Vous avez eu raison de me dire qu’il n’y a point de plaisir plus sensible dans le monde, que celui que goûtent deux cœurs unis. Vous ne sauriez concevoir la vivacité des transports agréables qui m’agitent depuis que vous m’avez persuadée que vous êtes tout à moi. Je le souhaite trop pour vouloir en clouter ; cette incertitude me donnerait la mort. Je crois votre tendresse pour moi telle que vous me l’avez figurée, et quoique j’aie fait les premières démarches de notre intelligence, je ne m’en repens point ; au contraire je me fais un plaisir en moi-même de ne devoir votre cœur qu’à mes soins. Il me semble que sur ce pied il doit être plus à moi, parce qu’outre le droit de tendresse que j’ai sur lui, j’ai encore celui de conquête. Mais, mon cher amant, mettez tout en œuvre pour achever d’unir deux cœurs qu’un penchant réciproque a déjà joints ; adressez-vous à Madame… elle peut tout sur l’esprit de ma mère, elle m’aime, et vous estime infiniment. Si vous pouvez la mettre dans nos intérêts, vous pouvez être sûr de votre conquête. Je ferai de mon côté tout ce qui me sera possible ; vous êtes trop honnête homme pour exiger de moi quelque démarche contraire à ce que je me dois à moi-même ; à cela près soyez certain que rien ne me sera impossible pour être à vous, ou du moins pour n’être de ma vie à qui que ce soit. Adieu, pressez le temps le plus que vous pourrez, et soyez bien persuadé qu’en avançant votre bonheur, si comme vous me l’avez juré, vous l’attachez à ma personne, vous avancerez aussi celui de

Silvie

Vous voyez, Madame, reprit Silvie, après que la marquise eut lu, qu’il m’était impossible d’écrire en termes plus forts ; cependant il est vrai que si j’en avais su de plus expressifs, je m’en serais servie sans scrupule. Mais, Madame, comme il vous est sans doute impossible de concevoir que le cœur d’une jeune fille puisse être rempli de tant d’amour, il vous est aussi impossible de concevoir le désespoir dont je fus saisie le lendemain, lorsque cette même lettre me fut rendue par une femme qui m’assura que Monsieur de Sainville la lui avait sacrifiée.
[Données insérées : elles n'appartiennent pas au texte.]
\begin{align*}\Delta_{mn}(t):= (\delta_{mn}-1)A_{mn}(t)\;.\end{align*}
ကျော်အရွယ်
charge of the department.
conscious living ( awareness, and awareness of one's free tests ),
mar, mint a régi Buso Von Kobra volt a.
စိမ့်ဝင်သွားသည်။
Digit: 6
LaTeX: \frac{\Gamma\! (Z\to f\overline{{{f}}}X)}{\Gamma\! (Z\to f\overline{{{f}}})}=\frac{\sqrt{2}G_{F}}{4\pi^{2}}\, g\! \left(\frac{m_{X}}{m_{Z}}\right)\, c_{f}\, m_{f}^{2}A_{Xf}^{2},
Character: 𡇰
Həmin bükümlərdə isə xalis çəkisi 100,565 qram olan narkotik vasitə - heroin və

Cette femme était la baronne de… dont l’histoire a depuis peu fait trop de bruit dans le monde pour être ignorée de vous ; mais il n’est pas encore temps de vous dire la part que je fus obligée de prendre dans une des dernières aventures de sa vie. Sainville a dû vous parler d’elle comme d’une femme qu’on croyait en intrigue avec Deshayes.

Dès le lendemain que Sainville avait dû recevoir cette lettre, la baronne entra dans ma chambre, où je feignais d’être malade, pour m’épargner la honte de paraître si tôt devant lui, après lui en avoir tant écrit. Elle me pria d’abord de faire sortir ma femme de chambre, parce qu’elle avait quelque chose de très grande conséquence à me dire en particulier. Sitôt que nous fûmes seules, à ce que je croyais, elle commença par me plaindre du mauvais choix que je faisais des gens que j’honorais de ma confiance et de mon amour.
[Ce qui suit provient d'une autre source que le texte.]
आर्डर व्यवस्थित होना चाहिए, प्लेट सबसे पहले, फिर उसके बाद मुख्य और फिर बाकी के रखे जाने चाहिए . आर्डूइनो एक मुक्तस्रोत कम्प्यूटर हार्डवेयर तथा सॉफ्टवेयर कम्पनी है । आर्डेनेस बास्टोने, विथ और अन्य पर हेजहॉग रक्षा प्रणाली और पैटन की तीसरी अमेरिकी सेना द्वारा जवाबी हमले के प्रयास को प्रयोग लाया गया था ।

Elle vit que ce mot m’alarmait, et me pria d’écouter jusqu’au bout. Vous êtes jeune, Mademoiselle, poursuivit-elle ; c’est la plus belle qualité que puisse avoir une personne de notre sexe quand elle est jointe à autant de beauté et d’esprit que vous en avez ; mais c’est celle aussi qui donne plus de moyen de la tromper, parce qu’à cet âge, où l’expérience manque, on est rempli des illusions de l’amour propre qui persuade que tout est, et sera en effet comme on le désire. Vous avez cru être aimée de Sainville ; vous lui avez abandonné votre cœur tout entier. Il serait trop heureux s’il en connaissait le prix, et c’est un bonheur pour vous qu’il ne le connaisse pas, parce qu’il est tout à fait indigne de le posséder. Ne m’interrompez point, ajouta-t-elle, j’ai bien d’autres choses à vous dire de plus grande conséquence, et vous connaîtrez quand vous m’aurez entendue qu’il faut vous aimer autant que je vous aime pour vous donner le chagrin que je vous donne, en vous découvrant et vous prouvant par des témoins irréprochables, la vérité d’un secret que je voudrais pouvoir me cacher à moi-même.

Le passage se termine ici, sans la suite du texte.